Oncologically significant, activation of ras-mitogen-activated protein kinase(MEK) signaling can increase the sensitivity of cancer cells to ferroptosis. The explanation is that it promotes iron abundance in cancer cells by controlling the expression level of the transferrin receptor and ferritin (Yagoda N et al. 2007).
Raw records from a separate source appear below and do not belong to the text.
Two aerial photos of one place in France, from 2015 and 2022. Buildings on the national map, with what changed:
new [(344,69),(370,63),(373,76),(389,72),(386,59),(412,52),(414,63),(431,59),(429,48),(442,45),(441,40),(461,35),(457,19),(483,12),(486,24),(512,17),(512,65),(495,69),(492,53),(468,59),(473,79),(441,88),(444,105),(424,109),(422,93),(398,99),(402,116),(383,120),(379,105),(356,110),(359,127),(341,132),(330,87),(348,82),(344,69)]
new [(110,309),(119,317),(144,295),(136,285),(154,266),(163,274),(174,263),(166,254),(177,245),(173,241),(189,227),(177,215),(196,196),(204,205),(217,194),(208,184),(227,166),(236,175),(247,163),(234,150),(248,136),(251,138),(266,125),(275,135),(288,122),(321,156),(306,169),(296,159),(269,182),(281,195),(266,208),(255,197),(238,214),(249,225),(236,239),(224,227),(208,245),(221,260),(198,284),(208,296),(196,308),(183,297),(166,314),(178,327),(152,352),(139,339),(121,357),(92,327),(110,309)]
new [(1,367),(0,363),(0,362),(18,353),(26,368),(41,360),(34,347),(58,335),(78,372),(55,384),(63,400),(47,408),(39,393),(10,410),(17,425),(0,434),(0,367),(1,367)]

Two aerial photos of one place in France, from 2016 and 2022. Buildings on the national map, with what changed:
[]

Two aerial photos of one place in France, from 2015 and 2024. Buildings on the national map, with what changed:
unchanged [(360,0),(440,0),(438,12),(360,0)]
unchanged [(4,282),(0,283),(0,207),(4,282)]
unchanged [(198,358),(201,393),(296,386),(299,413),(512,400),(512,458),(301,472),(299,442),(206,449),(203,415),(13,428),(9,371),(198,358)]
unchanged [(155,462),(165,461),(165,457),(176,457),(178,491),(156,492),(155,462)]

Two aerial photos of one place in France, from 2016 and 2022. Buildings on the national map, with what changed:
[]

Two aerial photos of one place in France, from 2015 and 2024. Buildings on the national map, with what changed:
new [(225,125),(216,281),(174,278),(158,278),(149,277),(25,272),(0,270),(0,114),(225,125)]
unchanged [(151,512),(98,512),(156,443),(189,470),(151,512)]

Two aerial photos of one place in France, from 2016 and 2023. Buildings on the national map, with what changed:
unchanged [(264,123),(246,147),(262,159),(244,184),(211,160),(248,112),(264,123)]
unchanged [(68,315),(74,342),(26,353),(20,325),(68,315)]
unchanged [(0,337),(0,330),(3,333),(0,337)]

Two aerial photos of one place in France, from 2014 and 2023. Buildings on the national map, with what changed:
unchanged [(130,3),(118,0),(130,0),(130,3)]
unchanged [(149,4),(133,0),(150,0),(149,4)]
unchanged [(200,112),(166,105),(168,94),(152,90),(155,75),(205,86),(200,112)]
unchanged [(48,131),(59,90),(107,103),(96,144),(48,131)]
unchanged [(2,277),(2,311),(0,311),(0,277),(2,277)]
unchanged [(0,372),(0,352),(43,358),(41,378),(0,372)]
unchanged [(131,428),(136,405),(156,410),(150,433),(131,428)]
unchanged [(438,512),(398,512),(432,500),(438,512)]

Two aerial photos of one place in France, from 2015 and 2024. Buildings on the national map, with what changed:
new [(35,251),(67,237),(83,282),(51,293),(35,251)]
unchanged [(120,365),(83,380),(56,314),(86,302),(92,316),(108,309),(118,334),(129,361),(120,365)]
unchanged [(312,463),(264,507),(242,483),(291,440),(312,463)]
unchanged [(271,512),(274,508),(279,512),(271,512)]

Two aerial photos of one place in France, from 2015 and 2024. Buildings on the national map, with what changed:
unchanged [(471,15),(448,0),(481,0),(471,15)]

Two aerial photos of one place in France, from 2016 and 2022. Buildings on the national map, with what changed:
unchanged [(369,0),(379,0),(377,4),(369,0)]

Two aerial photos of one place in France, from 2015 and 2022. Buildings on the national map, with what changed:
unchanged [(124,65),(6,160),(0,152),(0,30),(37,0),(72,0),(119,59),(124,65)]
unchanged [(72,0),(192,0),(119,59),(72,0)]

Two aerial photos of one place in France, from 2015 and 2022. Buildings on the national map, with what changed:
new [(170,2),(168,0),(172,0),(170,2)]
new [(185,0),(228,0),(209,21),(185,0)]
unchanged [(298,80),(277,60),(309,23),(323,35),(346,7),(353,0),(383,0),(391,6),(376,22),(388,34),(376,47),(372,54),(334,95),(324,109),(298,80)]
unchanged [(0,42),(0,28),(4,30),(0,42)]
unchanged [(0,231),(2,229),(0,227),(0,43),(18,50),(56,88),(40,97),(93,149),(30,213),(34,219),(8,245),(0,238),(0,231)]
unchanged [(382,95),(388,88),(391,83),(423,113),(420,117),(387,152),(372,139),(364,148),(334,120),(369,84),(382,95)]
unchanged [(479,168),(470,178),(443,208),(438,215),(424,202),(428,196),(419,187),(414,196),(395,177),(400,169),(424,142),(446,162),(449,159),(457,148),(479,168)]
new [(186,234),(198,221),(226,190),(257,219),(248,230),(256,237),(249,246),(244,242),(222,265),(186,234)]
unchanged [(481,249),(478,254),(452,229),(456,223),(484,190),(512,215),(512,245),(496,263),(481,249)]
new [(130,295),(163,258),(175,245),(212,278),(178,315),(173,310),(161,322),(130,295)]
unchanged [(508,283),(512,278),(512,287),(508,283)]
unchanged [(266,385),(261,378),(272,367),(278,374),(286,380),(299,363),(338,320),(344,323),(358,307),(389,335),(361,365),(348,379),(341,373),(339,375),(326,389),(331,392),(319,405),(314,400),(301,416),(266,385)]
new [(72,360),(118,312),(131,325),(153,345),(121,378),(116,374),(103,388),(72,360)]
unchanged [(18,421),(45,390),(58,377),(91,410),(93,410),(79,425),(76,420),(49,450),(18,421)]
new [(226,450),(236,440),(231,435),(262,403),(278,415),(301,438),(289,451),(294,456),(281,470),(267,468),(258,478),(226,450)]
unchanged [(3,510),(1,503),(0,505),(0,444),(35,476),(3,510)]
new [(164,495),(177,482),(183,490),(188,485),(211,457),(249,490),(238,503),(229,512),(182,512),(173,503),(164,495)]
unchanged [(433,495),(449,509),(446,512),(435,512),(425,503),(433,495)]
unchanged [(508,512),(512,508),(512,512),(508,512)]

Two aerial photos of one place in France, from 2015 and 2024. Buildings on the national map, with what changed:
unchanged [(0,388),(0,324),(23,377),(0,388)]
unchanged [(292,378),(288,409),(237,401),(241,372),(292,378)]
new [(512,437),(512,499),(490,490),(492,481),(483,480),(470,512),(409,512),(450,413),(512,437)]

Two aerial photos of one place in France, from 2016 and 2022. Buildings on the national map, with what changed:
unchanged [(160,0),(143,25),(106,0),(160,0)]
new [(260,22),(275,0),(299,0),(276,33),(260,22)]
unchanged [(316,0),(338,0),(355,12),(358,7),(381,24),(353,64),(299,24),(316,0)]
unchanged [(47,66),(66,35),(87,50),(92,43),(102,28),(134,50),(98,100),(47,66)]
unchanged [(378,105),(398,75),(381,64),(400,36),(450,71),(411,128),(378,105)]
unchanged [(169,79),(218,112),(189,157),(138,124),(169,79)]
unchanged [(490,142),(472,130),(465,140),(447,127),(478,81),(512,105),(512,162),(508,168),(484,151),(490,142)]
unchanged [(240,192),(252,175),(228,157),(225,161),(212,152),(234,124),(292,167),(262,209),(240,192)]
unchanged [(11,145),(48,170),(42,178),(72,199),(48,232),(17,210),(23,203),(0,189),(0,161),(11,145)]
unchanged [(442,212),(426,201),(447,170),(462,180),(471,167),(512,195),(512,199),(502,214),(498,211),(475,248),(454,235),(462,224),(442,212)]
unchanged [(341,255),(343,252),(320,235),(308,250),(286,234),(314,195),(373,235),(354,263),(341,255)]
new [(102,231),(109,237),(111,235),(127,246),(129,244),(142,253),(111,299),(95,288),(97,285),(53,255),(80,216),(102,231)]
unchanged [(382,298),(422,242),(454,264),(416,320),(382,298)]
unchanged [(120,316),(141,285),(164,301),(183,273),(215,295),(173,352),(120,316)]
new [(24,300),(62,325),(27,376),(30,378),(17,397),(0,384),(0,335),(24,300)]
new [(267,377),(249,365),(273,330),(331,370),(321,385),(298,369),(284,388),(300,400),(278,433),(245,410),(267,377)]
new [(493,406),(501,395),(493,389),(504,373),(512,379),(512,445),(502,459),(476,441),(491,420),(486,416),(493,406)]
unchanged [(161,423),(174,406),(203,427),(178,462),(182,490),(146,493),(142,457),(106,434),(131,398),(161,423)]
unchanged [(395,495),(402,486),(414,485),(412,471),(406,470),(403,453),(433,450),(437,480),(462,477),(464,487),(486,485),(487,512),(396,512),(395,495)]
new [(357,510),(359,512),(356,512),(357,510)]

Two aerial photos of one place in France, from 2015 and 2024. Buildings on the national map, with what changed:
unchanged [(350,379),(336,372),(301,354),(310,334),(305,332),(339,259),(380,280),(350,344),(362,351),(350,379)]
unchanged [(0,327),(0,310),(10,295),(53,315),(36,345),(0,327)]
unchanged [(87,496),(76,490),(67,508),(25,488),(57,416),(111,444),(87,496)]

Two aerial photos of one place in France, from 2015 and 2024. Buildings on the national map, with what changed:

The morphological changes that the cells undergo during ferroptosis can be observed by "live cell imaging". Initially, the cell contracts and then begins to swell. Immediately before the onset of ferroptosis, perinuclear lipid accumulation is observed. After the process is complete, the lipid droplets are redistributed throughout the cell.

Numerous studies suggest that ferroptosis is an adaptive process that may be critical for the elimination of carcinogenic cells (Dixon SJ 2017).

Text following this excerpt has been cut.